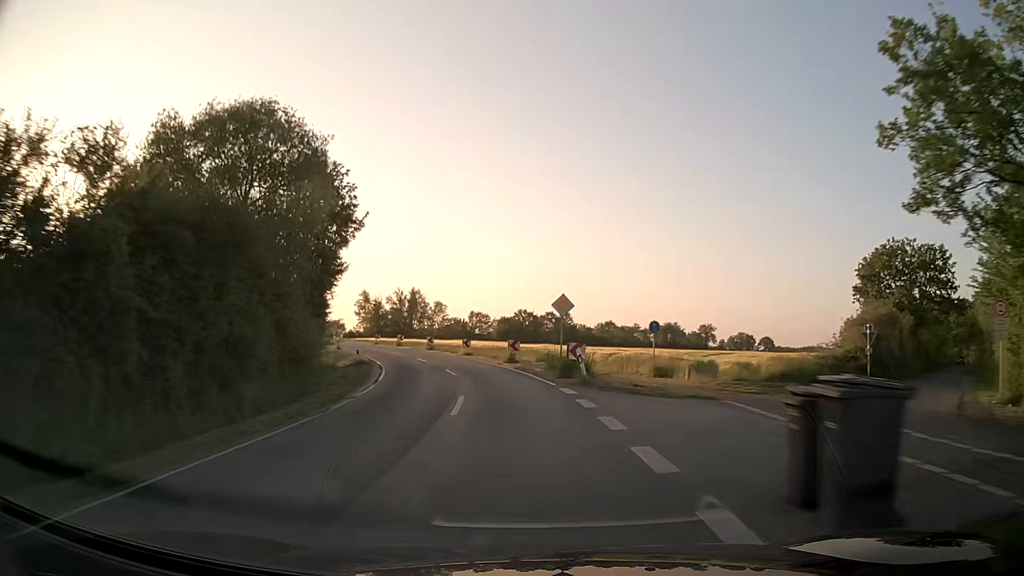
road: secondary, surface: asphalt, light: Day
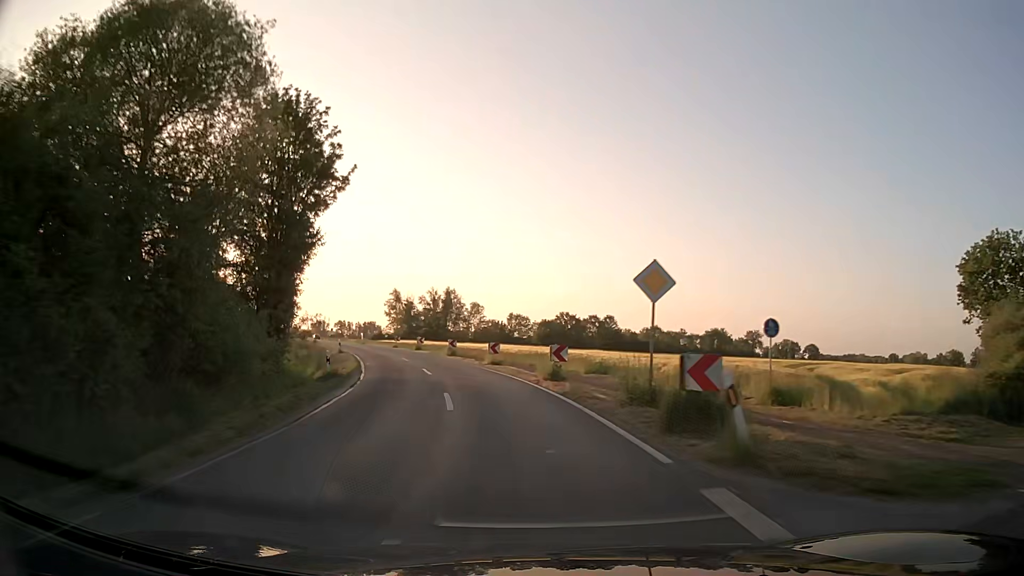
(-0.3, +11.4) m; -3°
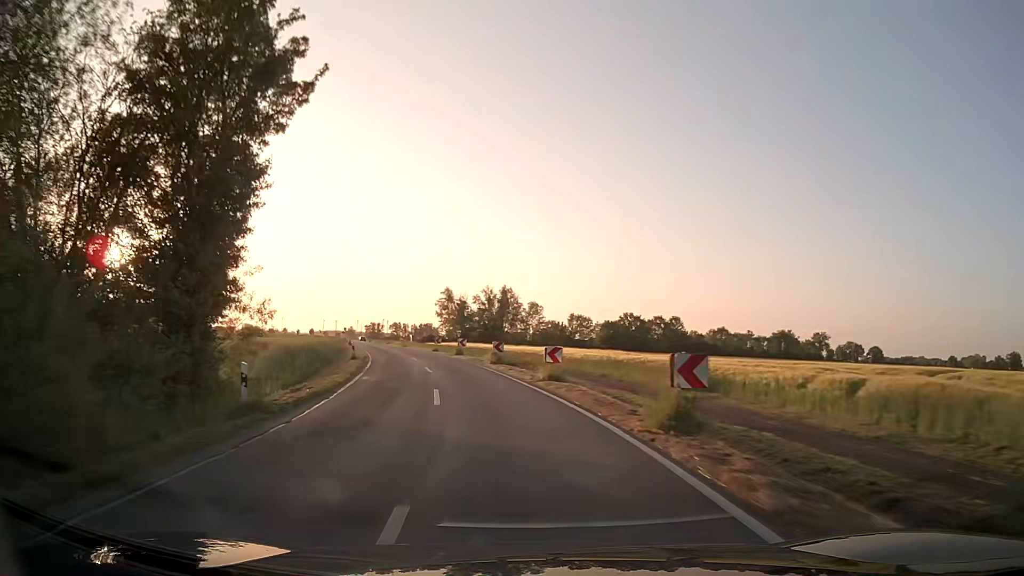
(-0.4, +11.4) m; -5°
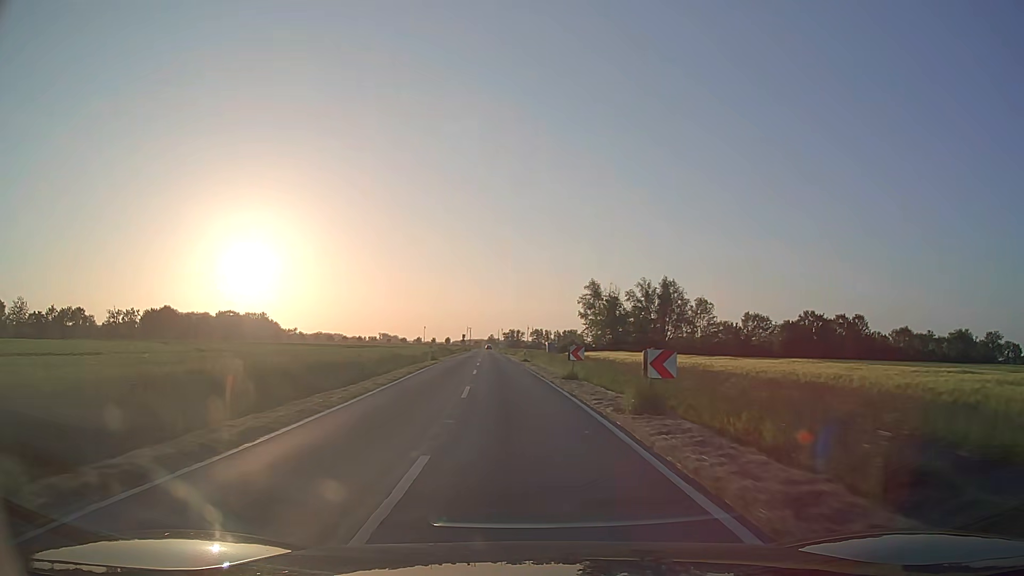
(-4.2, +33.9) m; -13°
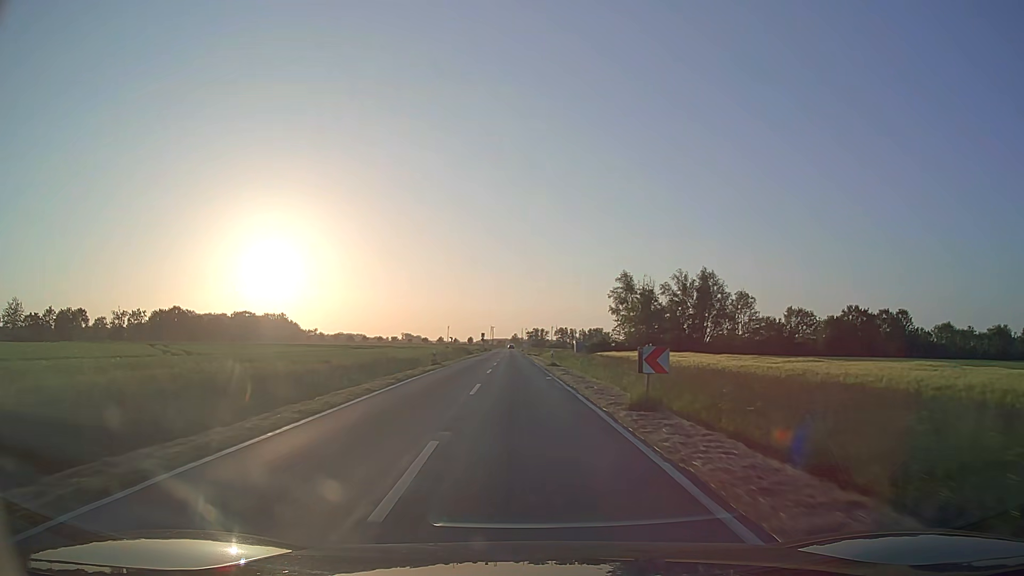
(-0.2, +11.4) m; -2°
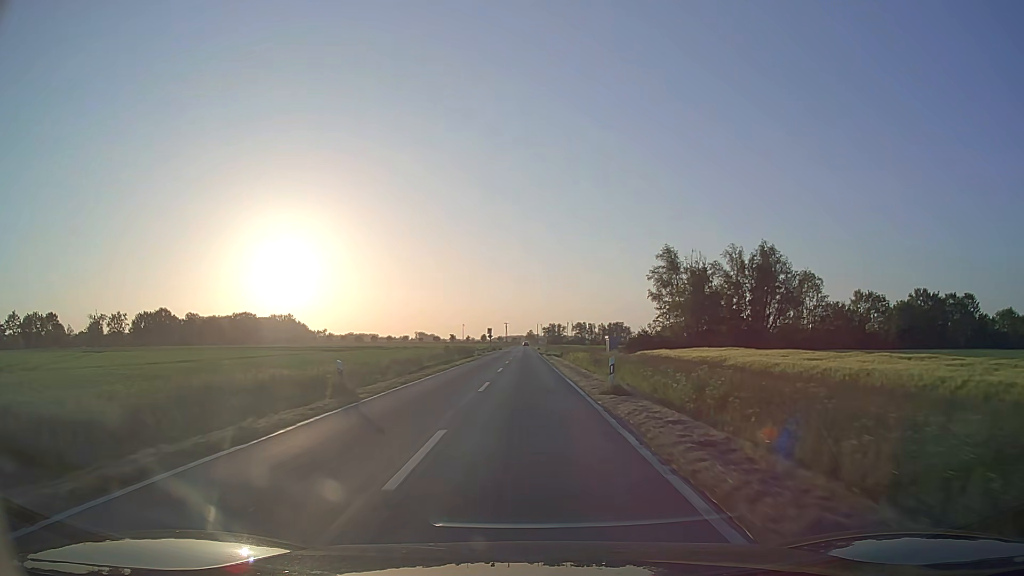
(-0.4, +23.1) m; -2°
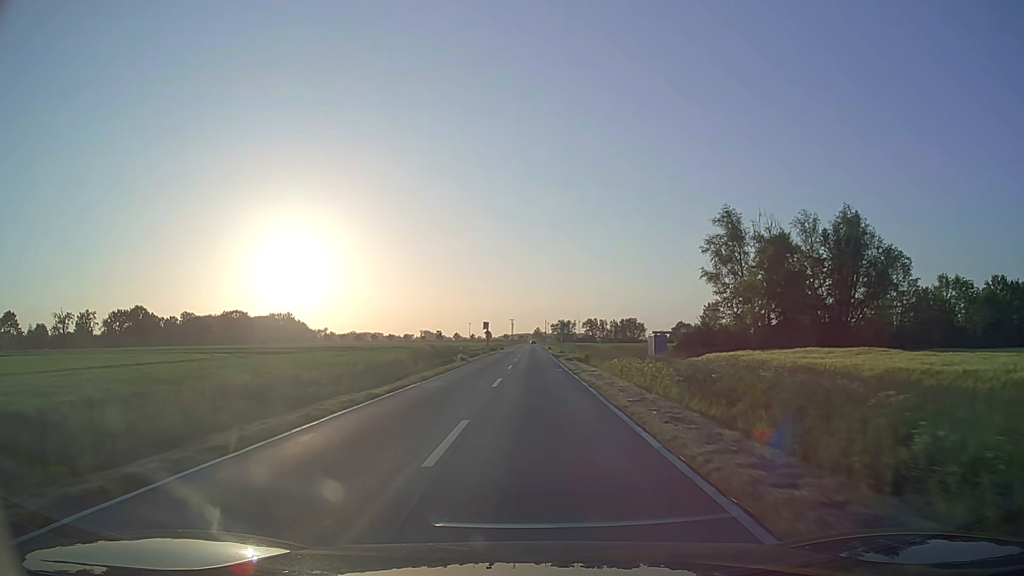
(-0.1, +23.1) m; -1°
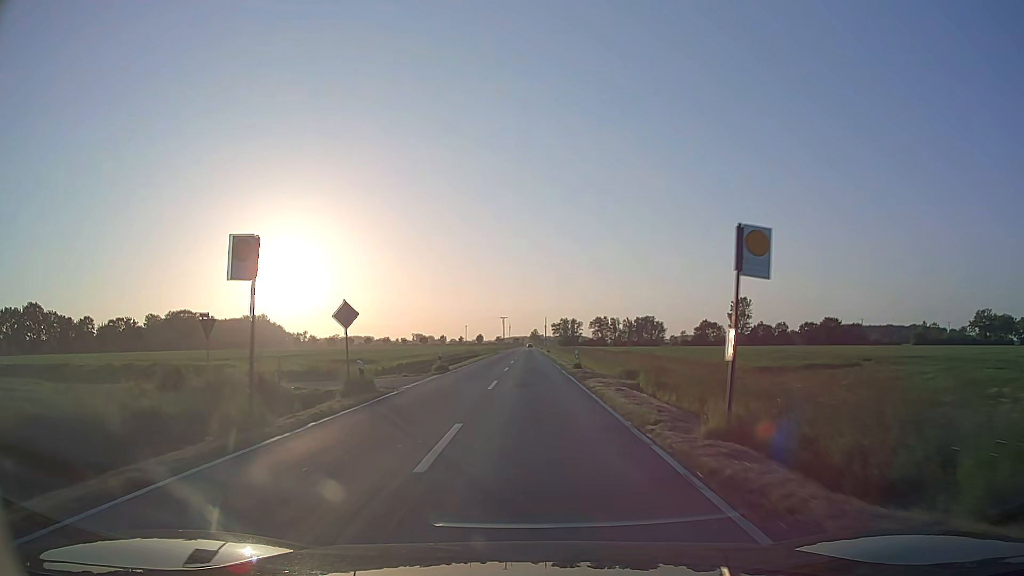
(+0.3, +61.1) m; 0°
(0, +10) (0, +20) (0, +30) (0, +40) (0, +50) (0, +60) (0, +70) (0, +80) (0, +90) (0, +100) m
####
**Work task:** Return every entry from the listing above exactly as it stands, leaving out any picture.

**Result:**
road: secondary, surface: asphalt, light: Day
(-0.3, +11.4) m; -3°
(-0.4, +11.4) m; -5°
(-4.2, +33.9) m; -13°
(-0.2, +11.4) m; -2°
(-0.4, +23.1) m; -2°
(-0.1, +23.1) m; -1°
(+0.3, +61.1) m; 0°
(0, +10) (0, +20) (0, +30) (0, +40) (0, +50) (0, +60) (0, +70) (0, +80) (0, +90) (0, +100) m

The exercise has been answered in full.